WHAT NEEDS TO BE DONE: None of the images should appear in your copy. Transcribe the data in full.
---------- MATERIAL FOR THIS EXERCISE ----------
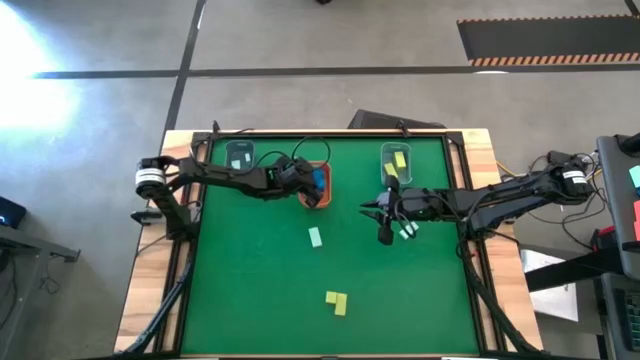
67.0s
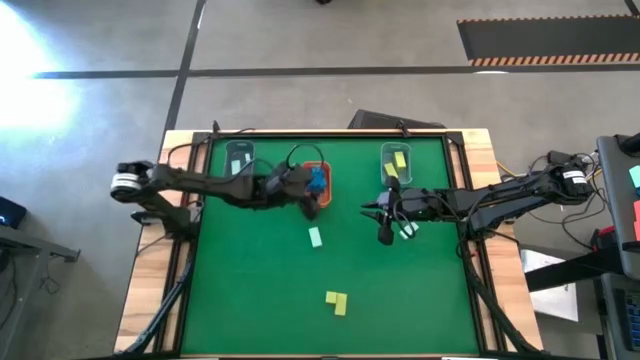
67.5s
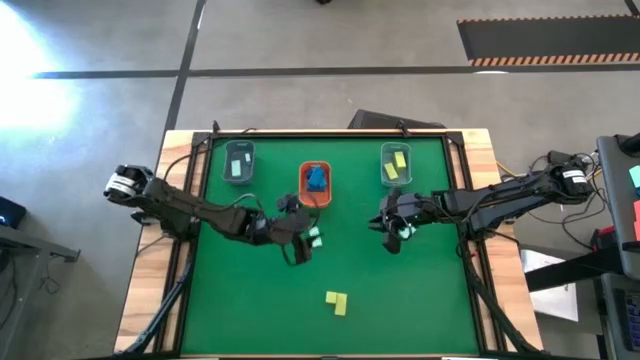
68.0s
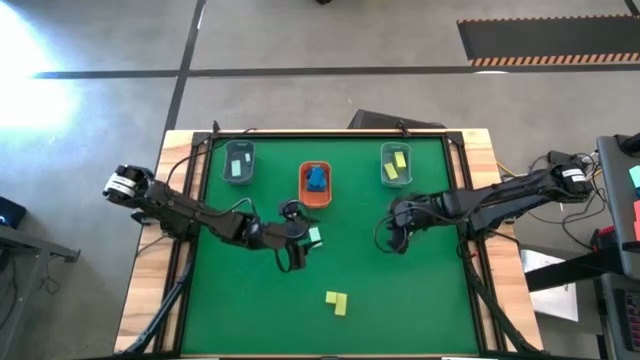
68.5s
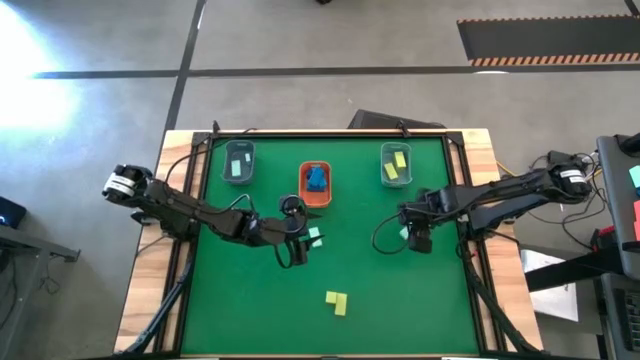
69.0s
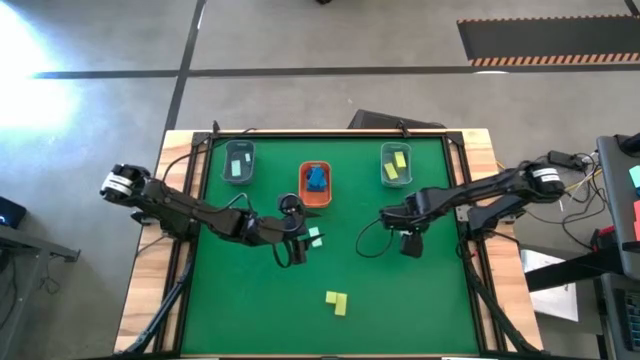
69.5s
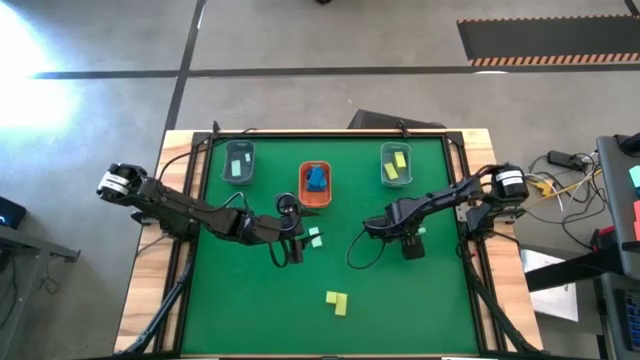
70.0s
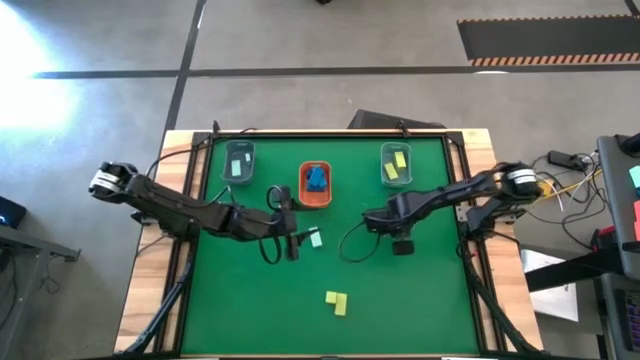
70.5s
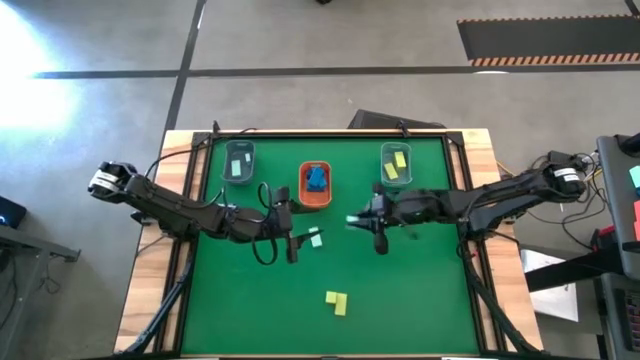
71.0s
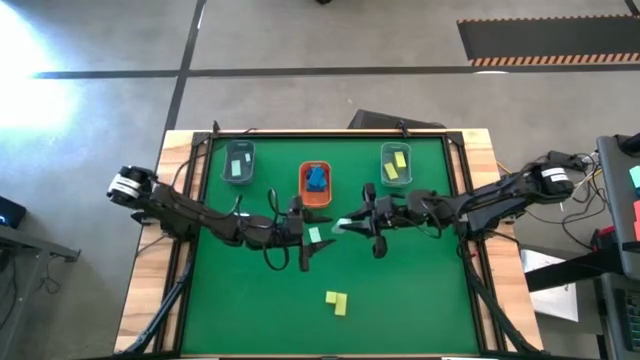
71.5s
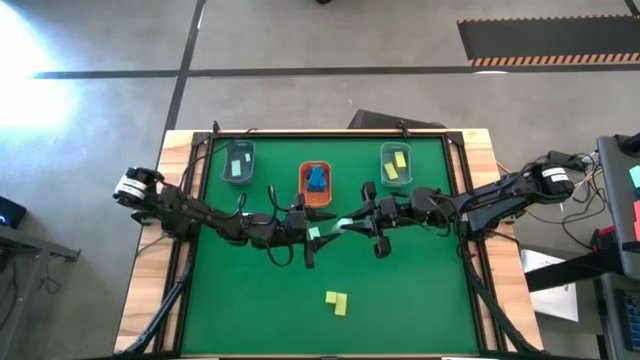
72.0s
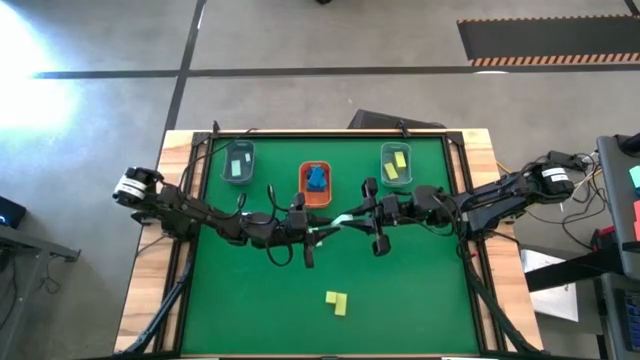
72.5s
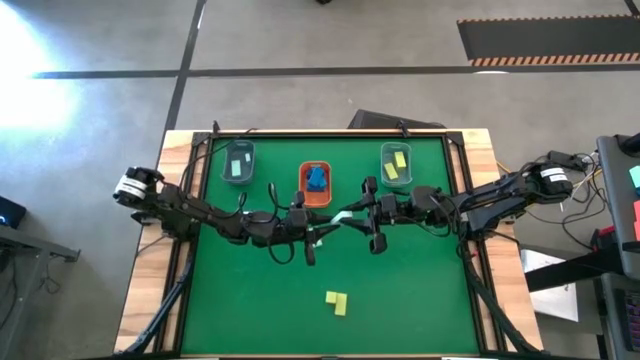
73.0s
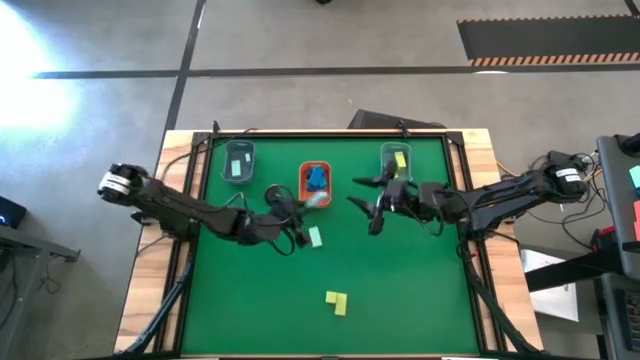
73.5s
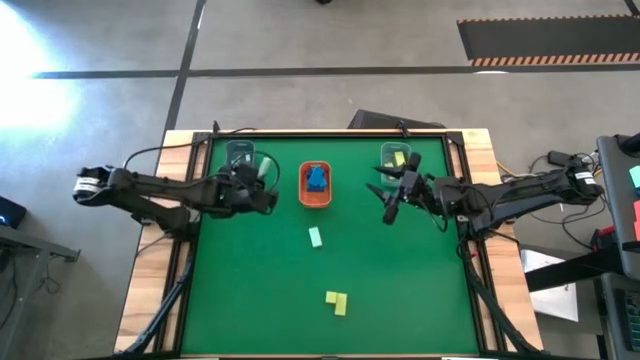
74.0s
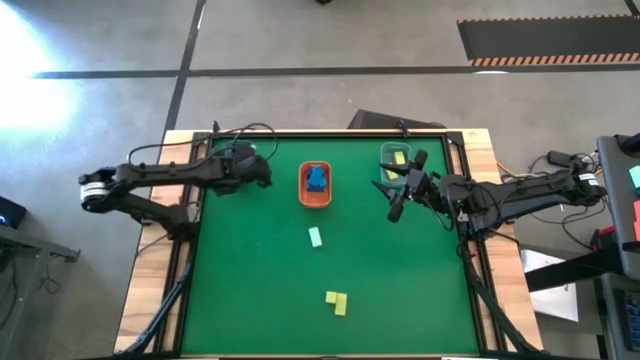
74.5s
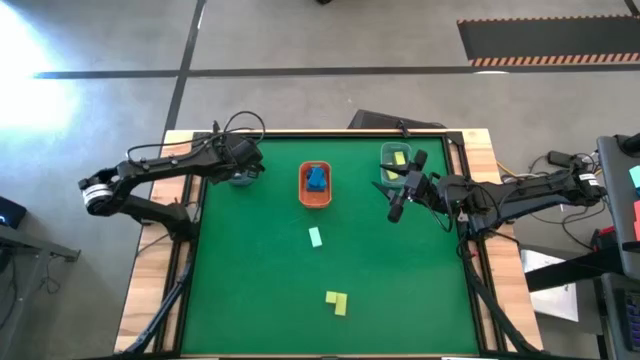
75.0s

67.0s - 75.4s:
----------
ANSWER TO THE EXERCISE:
67.0s
67.5s
68.0s
68.5s
69.0s
69.5s
70.0s
70.5s
71.0s
71.5s
72.0s
72.5s
73.0s
73.5s
74.0s
74.5s
75.0s

67.0s - 75.4s:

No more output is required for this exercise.